Material provided:
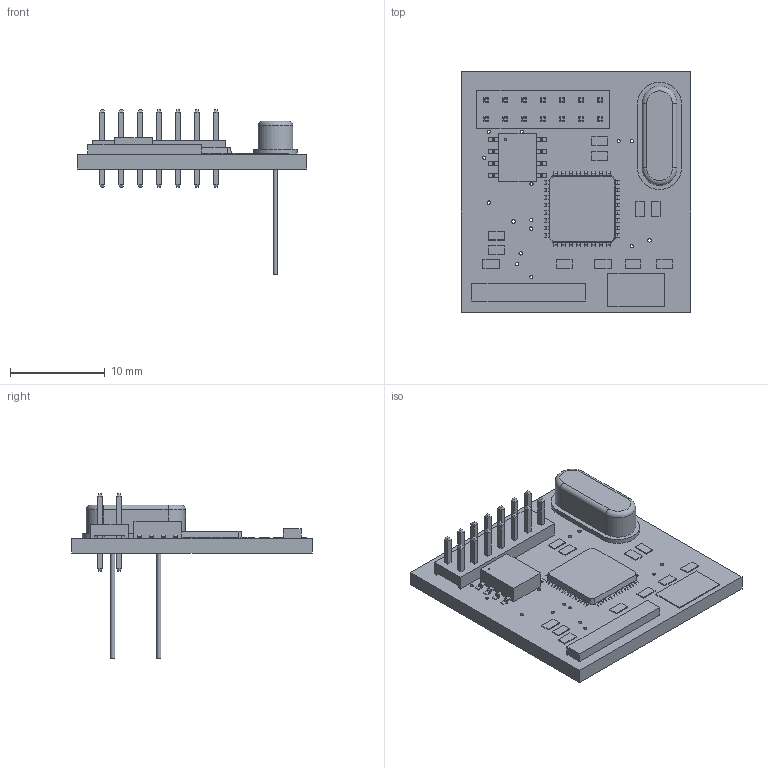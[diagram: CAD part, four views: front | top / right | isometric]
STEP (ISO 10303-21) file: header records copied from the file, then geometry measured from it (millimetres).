
FILE_DESCRIPTION(/* description */ (''),/* implementation_level */ '2;1');
FILE_NAME(/* name */ '433ee142-2034-4ee1-adb5-9d4fa297e193.stp',/* time_stamp */ '2022-11-12T18:55:24Z',/* author */ (''),/* organization */ (''),/* preprocessor_version */ 'ST-DEVELOPER v19.2',/* originating_system */ 'Autodesk Translation Framework v11.17.0.187',/* authorisation */ '');
FILE_SCHEMA (('AUTOMOTIVE_DESIGN { 1 0 10303 214 3 1 1 }'));
Length unit declared in the file: millimetre
Products named in the file (15): 433ee142-2034-4ee1-adb5-9d4fa297e193; PCB Component; Board; STM32F042K6T6; 30k; 18pF; Orange; MOMENTARY-SWITCH-SPST-SMD-6.0X3.5MM; 3V3 -SWCLK-GND-SWDIO- NRST; DATACONV->BACKPLANE; TMM-107-01-T-D_pins2; TMM-107-01-T-D_pins1; TMM-107-01-T-D_body; MAX3058ASA+; ECS-80-18-4X
Assembly tree (31 placements, depth 4):
  433ee142-2034-4ee1-adb5-9d4fa297e193
    PCB Component
      Board
      STM32F042K6T6
      30k  x10
      18pF  x8
      Orange  x2
      MOMENTARY-SWITCH-SPST-SMD-6.0X3.5MM
      3V3 -SWCLK-GND-SWDIO- NRST
      DATACONV->BACKPLANE
        TMM-107-01-T-D_pins2
        TMM-107-01-T-D_pins1
        TMM-107-01-T-D_body
      MAX3058ASA+
      ECS-80-18-4X
Bounding box: 24.26 x 25.4 x 17.4 mm (x, y, z)
Volume: 1324 mm3; surface area: 2745.3 mm2
Topology: 72 solids, 72 shells, 1124 faces, 2749 edges, 1794 vertices
Faces by surface type: plane 909, cylinder 213, torus 2
Full cylindrical faces by diameter (mm): 0.199 x1, 0.35 x23, 0.43 x2, 0.63 x2, 0.89 x14, 1.016 x5
Entity records: 31490 total; most frequent: CARTESIAN_POINT 5271, DIRECTION 5109, ORIENTED_EDGE 5090, EDGE_CURVE 2545, LINE 2117, VECTOR 2117, VERTEX_POINT 1658, AXIS2_PLACEMENT_3D 1496

Exercise brief:
Leave the images out as you retype each line of the material exactly.

Your response:
[diagram: CAD part, four views: front | top / right | isometric]
STEP (ISO 10303-21) file: header records copied from the file, then geometry measured from it (millimetres).
FILE_DESCRIPTION(/* description */ (''),/* implementation_level */ '2;1');
FILE_NAME(/* name */ '433ee142-2034-4ee1-adb5-9d4fa297e193.stp',/* time_stamp */ '2022-11-12T18:55:24Z',/* author */ (''),/* organization */ (''),/* preprocessor_version */ 'ST-DEVELOPER v19.2',/* originating_system */ 'Autodesk Translation Framework v11.17.0.187',/* authorisation */ '');
FILE_SCHEMA (('AUTOMOTIVE_DESIGN { 1 0 10303 214 3 1 1 }'));
Length unit declared in the file: millimetre
Products named in the file (15): 433ee142-2034-4ee1-adb5-9d4fa297e193; PCB Component; Board; STM32F042K6T6; 30k; 18pF; Orange; MOMENTARY-SWITCH-SPST-SMD-6.0X3.5MM; 3V3 -SWCLK-GND-SWDIO- NRST; DATACONV->BACKPLANE; TMM-107-01-T-D_pins2; TMM-107-01-T-D_pins1; TMM-107-01-T-D_body; MAX3058ASA+; ECS-80-18-4X
Assembly tree (31 placements, depth 4):
  433ee142-2034-4ee1-adb5-9d4fa297e193
    PCB Component
      Board
      STM32F042K6T6
      30k  x10
      18pF  x8
      Orange  x2
      MOMENTARY-SWITCH-SPST-SMD-6.0X3.5MM
      3V3 -SWCLK-GND-SWDIO- NRST
      DATACONV->BACKPLANE
        TMM-107-01-T-D_pins2
        TMM-107-01-T-D_pins1
        TMM-107-01-T-D_body
      MAX3058ASA+
      ECS-80-18-4X
Bounding box: 24.26 x 25.4 x 17.4 mm (x, y, z)
Volume: 1324 mm3; surface area: 2745.3 mm2
Topology: 72 solids, 72 shells, 1124 faces, 2749 edges, 1794 vertices
Faces by surface type: plane 909, cylinder 213, torus 2
Full cylindrical faces by diameter (mm): 0.199 x1, 0.35 x23, 0.43 x2, 0.63 x2, 0.89 x14, 1.016 x5
Entity records: 31490 total; most frequent: CARTESIAN_POINT 5271, DIRECTION 5109, ORIENTED_EDGE 5090, EDGE_CURVE 2545, LINE 2117, VECTOR 2117, VERTEX_POINT 1658, AXIS2_PLACEMENT_3D 1496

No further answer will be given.